Quickfilter Technologies was formed in the fall of 2003 to develop a family of mixed signal ICs for analog signal conditioning and digital signal processing. Quickfilter has raised $5 million in Series A funding primarily from private investors and including Vultron Ventures. The company has 17 employees, plus 4 contracts and is growing.

According to Quickfilter, analog design technology and mixed-signal processing solutions have changed little over the past 10+ years, especially for interference filtering. Today’s approach still requires discrete components for analog signal conditioning and filtering, which is antiquated and cumbersome, with sub-par accuracy levels.

To address this problem, Quickfilter has developed a solution that combines analog signal conditioning, Analog to Digital conversion and digital signal processing into a single programmable IC. This enables customers to rapidly complete a design at significantly lower cost and higher performance with the added benefit of programmability during design, at the time of shipment, or in the field.

The QF4A512 Programmable Signal Converter, the company’s flagship product, is a 4-channel signal conditioner and signal converter. Each channel can be individually programmed for gain, anti-aliasing filter cut off frequency, A-to-D sampling frequency, and unique filter requirements. This is accomplished with 4 separate high precision 512 tap FIR filters. Four analog inputs (differential or single-ended) feed four programmable (1x, 2x, 4x, 8x) gain amplifiers and anti-aliasing filters (3rd Order Bessel). The input bandwidth is DC to 500KHz (single channel, 16 bits).

A 16-bit, 1.17Msps programmable A/D Converter takes the input from each channel via an analog mux and demuxes the output to four individually programmable 512-tap digital FIR filters. The on-chip ADC oversamples the input and can actually run as fast as 100MHz. The output of the digital filters is available via a 3-wire SPI port interface. Other features include internal precision voltage reference and 4K Byte of internal EEPROM for storage of filter coefficients, chip configuration and calibration data.

Quickfilter software enables rapid device configuration and filter design at performance levels unattainable with analog components, according to the company. The software lets designers select from various filter types, including lowpass, highpass, bandpass, bandstop, dual bandpass, dual bandstop and notched lowpass filters. The four independent FIR filters are capable of generating “brick wall” filters such as a lowpass filter with a 1kHz cutoff frequency, 80dB of rejection, and a total transition band of only 10Hz.

Complete filter design and IC configuration can be performed in minutes. Designers can set the sampling frequency, frequency limits, ripple, attenuation, and other parameters for each of the four filters. After the desired configuration is downloaded to the IC, designers can view the actual filter output graphically in the software.

This is one of those parts that appear to be so useful and obvious, that surely one of the many microcontroller companies, like Microchip, Cygnal, Cypress (PSoc), etc. must offer something similar. Yet Quickfilter argues that there is nothing like it on the market. Quickfilter argues that most of these companies focus on embedding “control”, not the signal processing path.
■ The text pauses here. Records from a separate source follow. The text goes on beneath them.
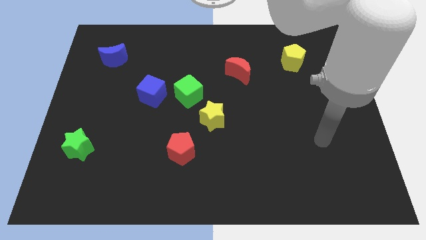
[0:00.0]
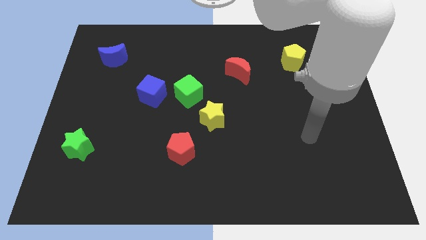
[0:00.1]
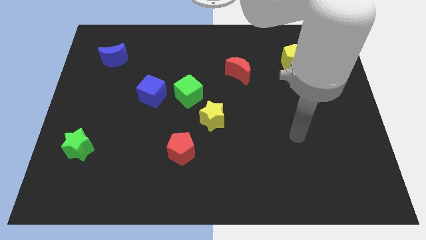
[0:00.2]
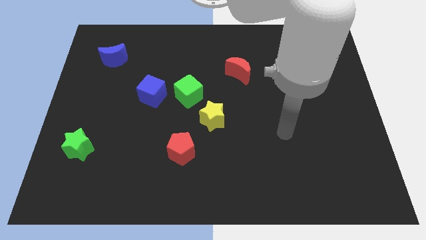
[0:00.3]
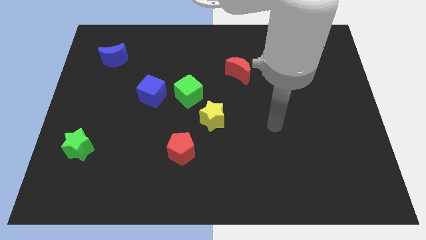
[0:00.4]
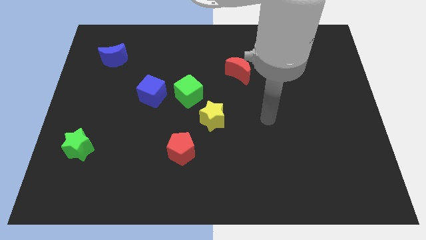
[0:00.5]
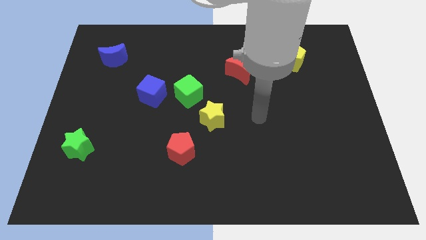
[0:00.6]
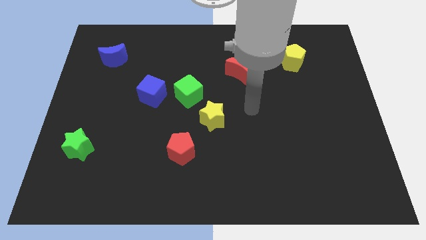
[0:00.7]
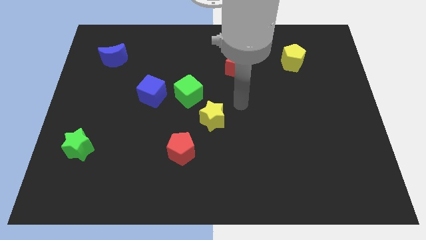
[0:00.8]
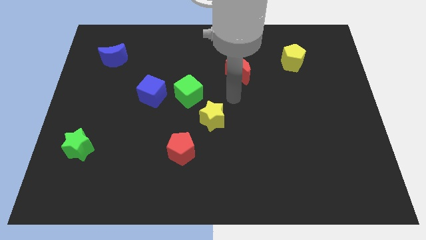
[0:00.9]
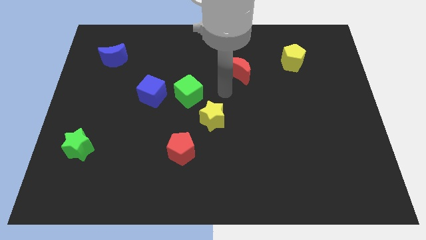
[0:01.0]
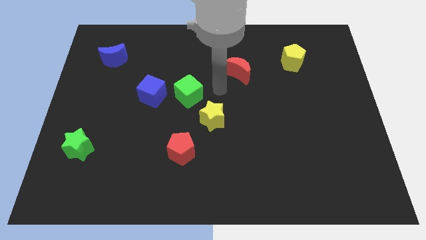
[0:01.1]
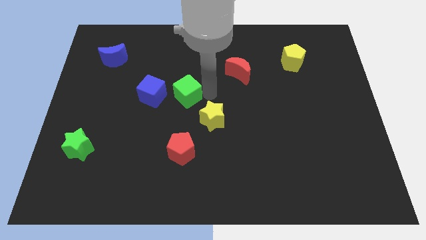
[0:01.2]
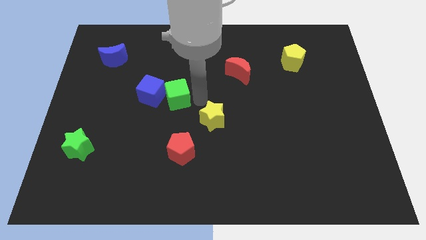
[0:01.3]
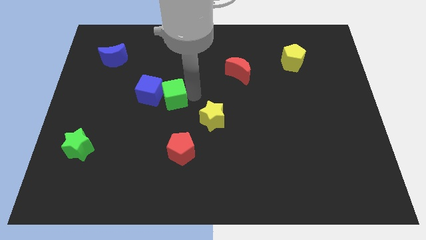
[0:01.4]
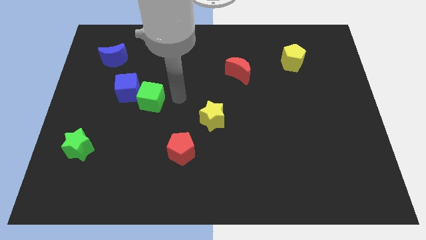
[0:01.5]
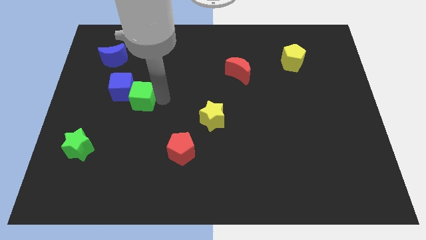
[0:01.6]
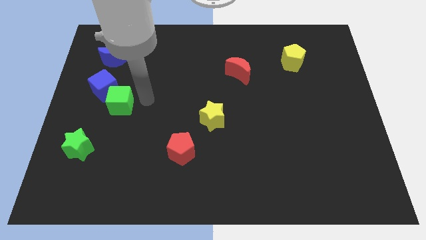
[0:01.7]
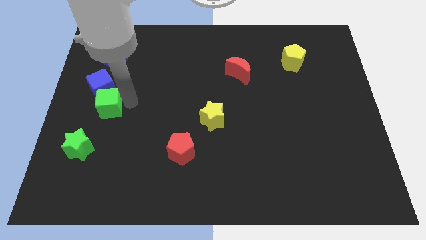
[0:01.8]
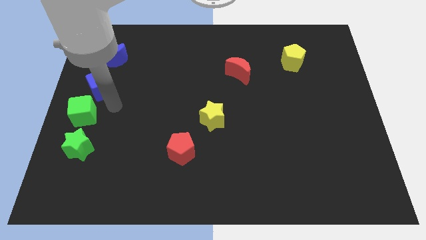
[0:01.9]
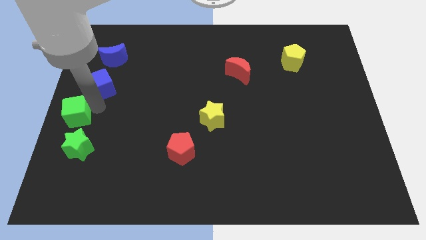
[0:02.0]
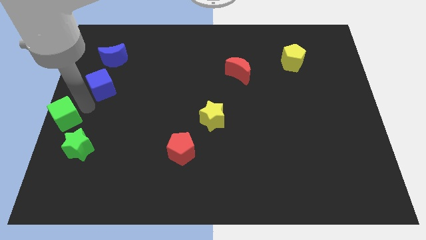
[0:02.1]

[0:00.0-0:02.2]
pull the blue cube apart from the green cube

General purpose processors typically do not have the horsepower to perform much filtering and DSPs would consume significant power performing this task. Furthermore, processors require designers to write software, a task that may be non-trivial for an analog engineer.
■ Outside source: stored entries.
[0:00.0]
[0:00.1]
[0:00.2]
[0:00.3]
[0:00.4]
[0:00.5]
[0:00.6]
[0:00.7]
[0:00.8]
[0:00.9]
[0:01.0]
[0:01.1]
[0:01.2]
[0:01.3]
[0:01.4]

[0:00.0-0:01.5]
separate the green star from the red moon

The QF4A512 does not require any programming. With the design software, an engineer can design, implement and test a filter in minutes. The device consumes little power and, with 512 taps, achieves high performance.
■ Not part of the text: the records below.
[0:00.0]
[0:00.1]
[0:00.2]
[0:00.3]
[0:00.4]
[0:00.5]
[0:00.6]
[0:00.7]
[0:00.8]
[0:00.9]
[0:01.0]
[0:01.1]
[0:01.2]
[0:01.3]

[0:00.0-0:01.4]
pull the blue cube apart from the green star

The company is targeting sensor-based applications in industrial, medical, automotive, and wireless markets. The QF4A512 has been shipping since August 2005 and is fabricated by UMC in 0.18u CMOS. The device is roughly $8 to $10. A low cost ($199) development kit includes all the hardware and software necessary to design, implement and test a complete filter design in minutes. Future plans include scaling the device in a number of directions such as the number of inputs and filter taps.

Robert Silco, President & CEO (previously GM of Government Products Division, GM of Small Signal Transistor Group, GM of Memory Products Group, and Senior Marketing and Sales Executive at companies such as TI, RCA, VLSI Technology, Compass Design Automation, and Acoustic Technologies)

Dennis Best, VP of Engineering (previously Chief Engineer, Director of Engineering, Director of Strategy Development and Director of Systems Software Research and Development at Raytheon and TI)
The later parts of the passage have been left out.